The University of Louisville chapter of Mortar Board National Senior Honorary is hosting Martin on Jan. 29 at 7 pm, but the Cardinal got his thoughts before the speech.
Martin explained there are two separate costs: what it costs households, and what it costs the general public. If you look at these, you will see that for the past three decades or more, the increase in the total cost per student has risen more rapidly than any other sector in the economy. Your college bill is an outlier, if you will, in terms of the real costs increases.
You can also measure college affordability between rate of change of college fees and rate of change between family households. For an increasing number of households, the cost of attendance has risen faster than the total amount of household income. This, as one could imagine, places a great burden on families.
International comparisons show the cost per student in the United States is roughly double the rest of the world. Martin said American students are spending way too much money.
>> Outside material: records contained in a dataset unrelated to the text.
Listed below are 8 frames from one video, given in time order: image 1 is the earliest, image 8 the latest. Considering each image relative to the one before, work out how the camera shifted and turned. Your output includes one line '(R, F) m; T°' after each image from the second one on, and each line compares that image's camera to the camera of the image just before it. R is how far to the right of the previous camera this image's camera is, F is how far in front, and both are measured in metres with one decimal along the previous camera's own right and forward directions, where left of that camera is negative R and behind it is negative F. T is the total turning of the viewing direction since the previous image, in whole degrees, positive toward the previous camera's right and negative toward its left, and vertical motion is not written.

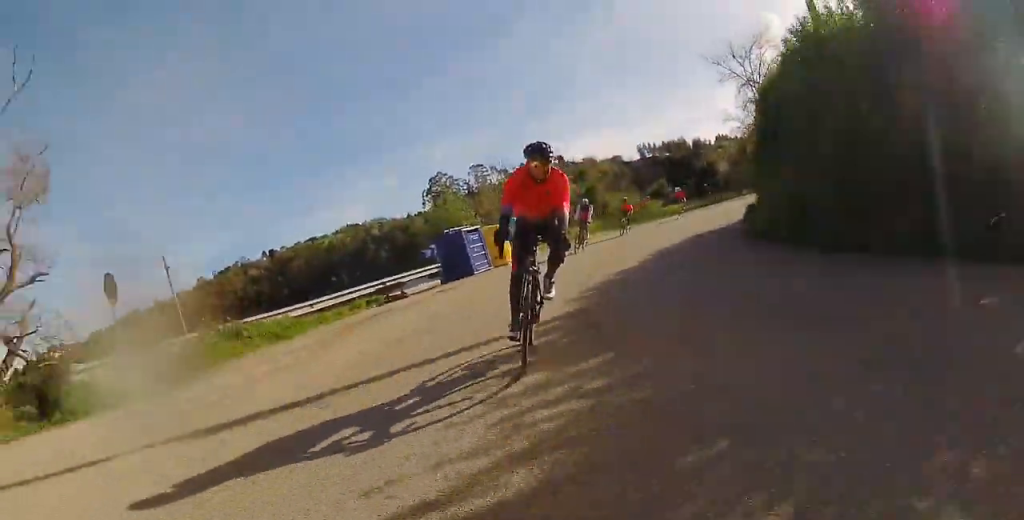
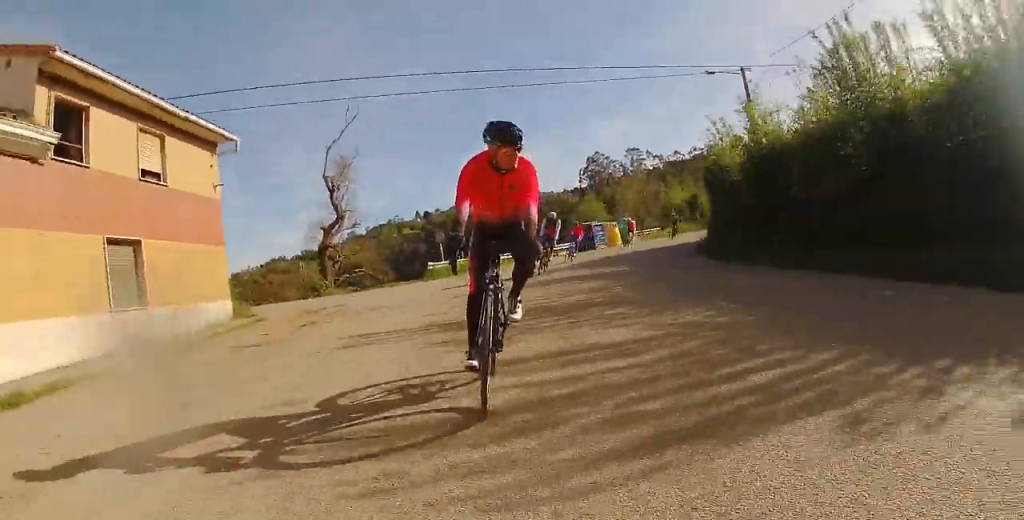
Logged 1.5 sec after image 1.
(0.0, +16.2) m; 0°
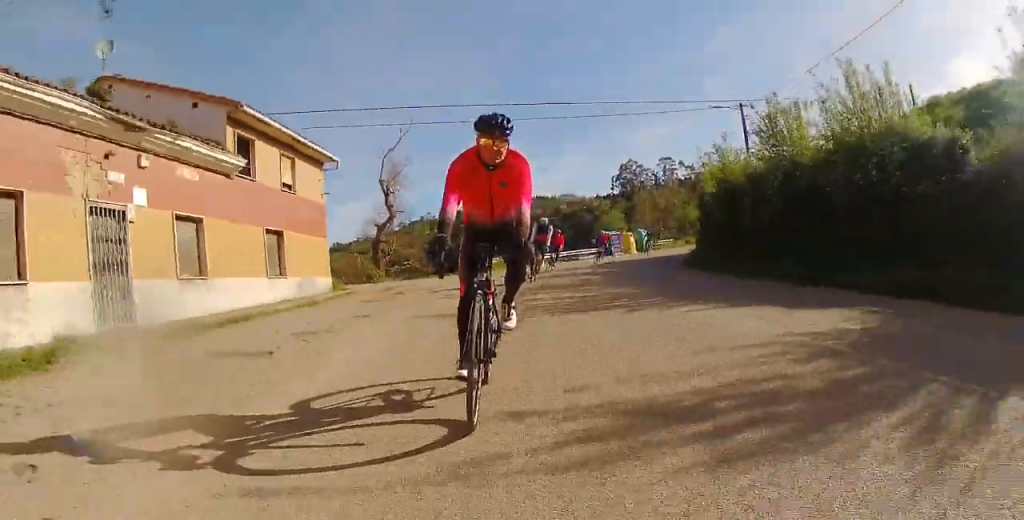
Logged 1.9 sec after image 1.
(0.0, +5.1) m; -1°
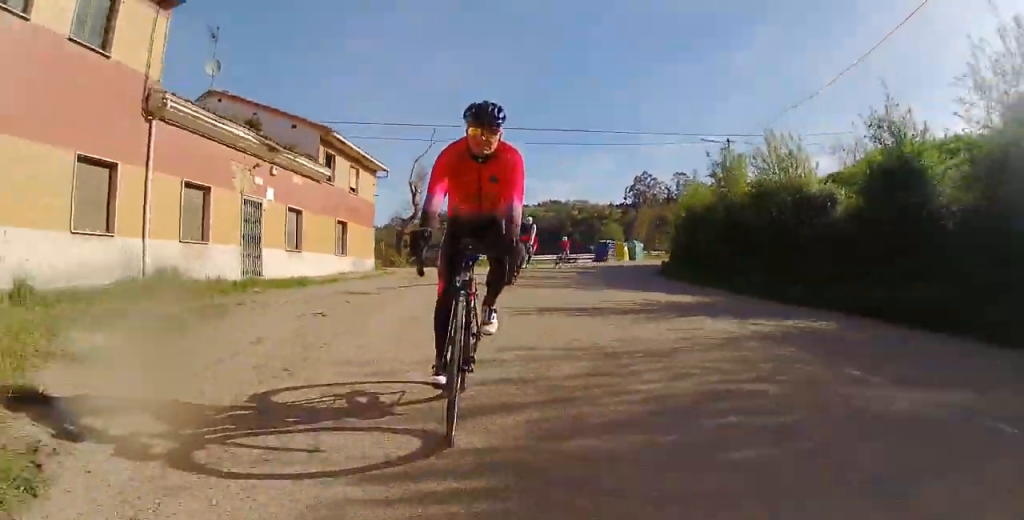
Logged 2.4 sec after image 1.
(0.0, +5.1) m; -3°
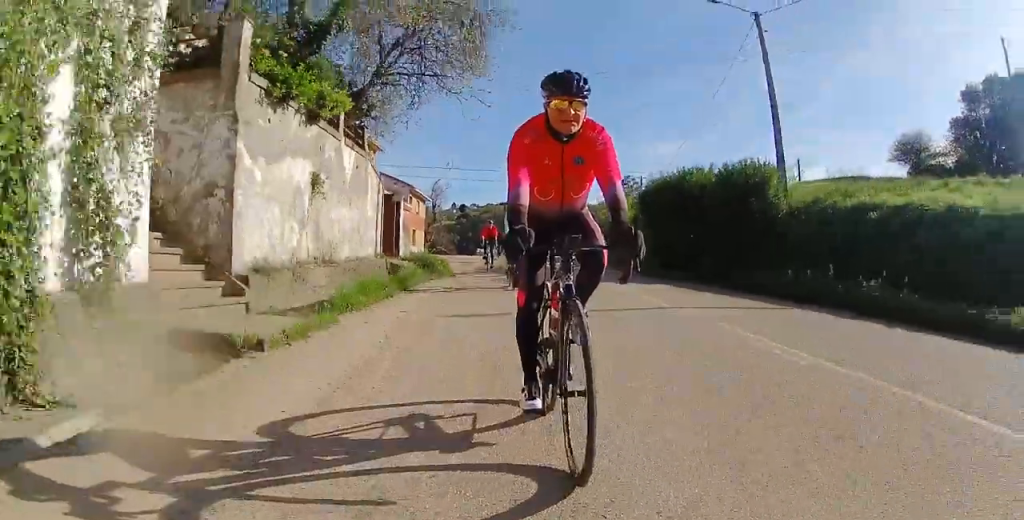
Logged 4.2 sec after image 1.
(-1.8, +20.1) m; -7°
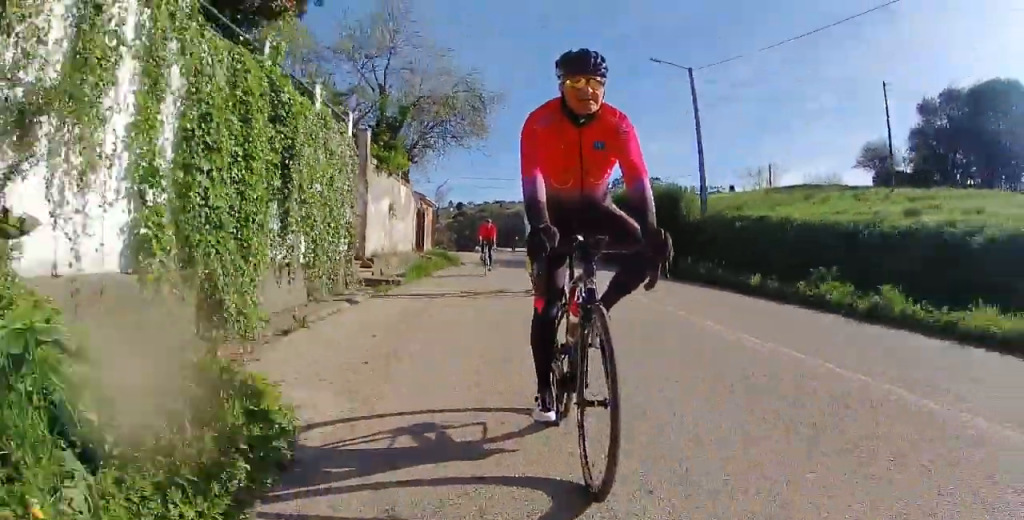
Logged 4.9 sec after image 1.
(+0.1, +7.7) m; 0°
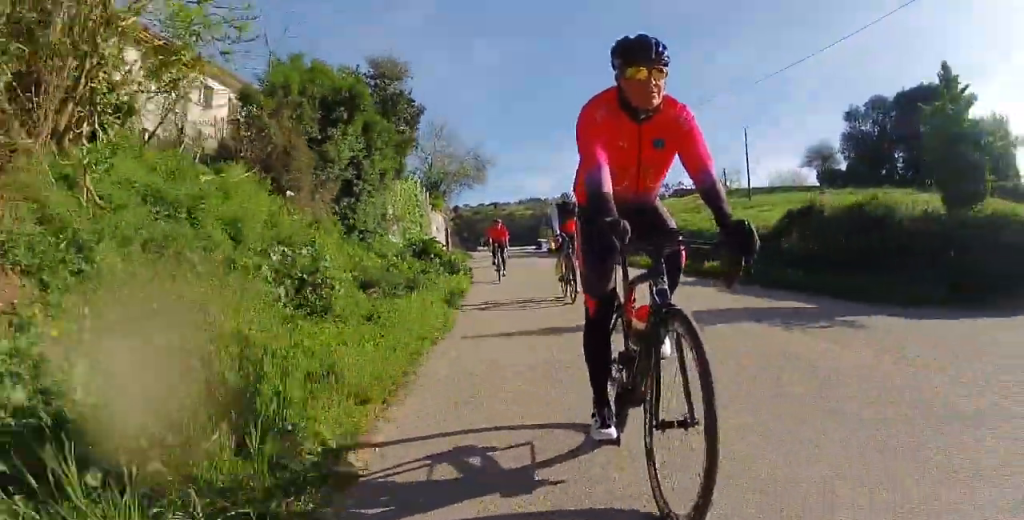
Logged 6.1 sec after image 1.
(0.0, +14.7) m; 0°
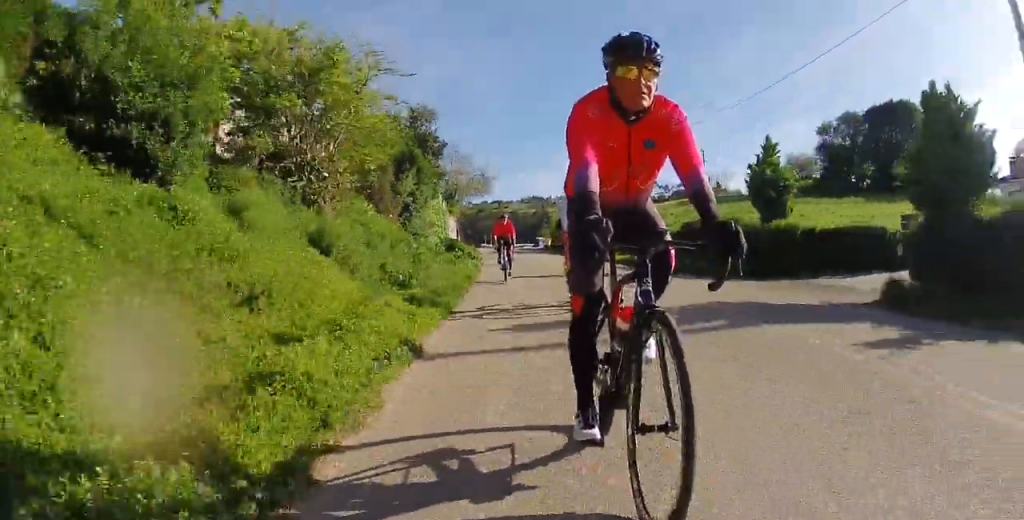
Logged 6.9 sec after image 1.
(0.0, +9.0) m; 0°

Martin explains colleges argue they are using the money to invest in higher quality. But he said the primary mission of universities is instruction and research, which is part of the reason they have tax-exempt status and were organized in the first place. These additional fees are not going toward the quality of instruction, which exposes the validity in this argument.
Colleges sell students a bundle, similar to the bundle you buy from a cable company. These bundles include food, housing, travel fees, recreational services and entertainment in addition to instruction. He said colleges attach these costs that really don’t help a students education, and force them to pay for luxuries that most students living on a budget do not want.
On the federal level, less money for scholarships is being given to colleges, because some of the money is going toward these extra services.
Also, students now have to borrow money and end up leaving college in immense amounts of debt. If debt isn’t bad enough on its own, knowing that not all the money students borrowed went toward their education, but instead toward consumption goods – makes the concept much worse.
The large amount of student debt makes it more difficult for young students to get married, and buy a house and start a family, which is one of the primary drivers of the economy.
“Basically, the institutions that are going to do well are the ones that are planning for it now. If they keep waiting and denying there’s a problem, the outcome is going to be very dramatic,” he said.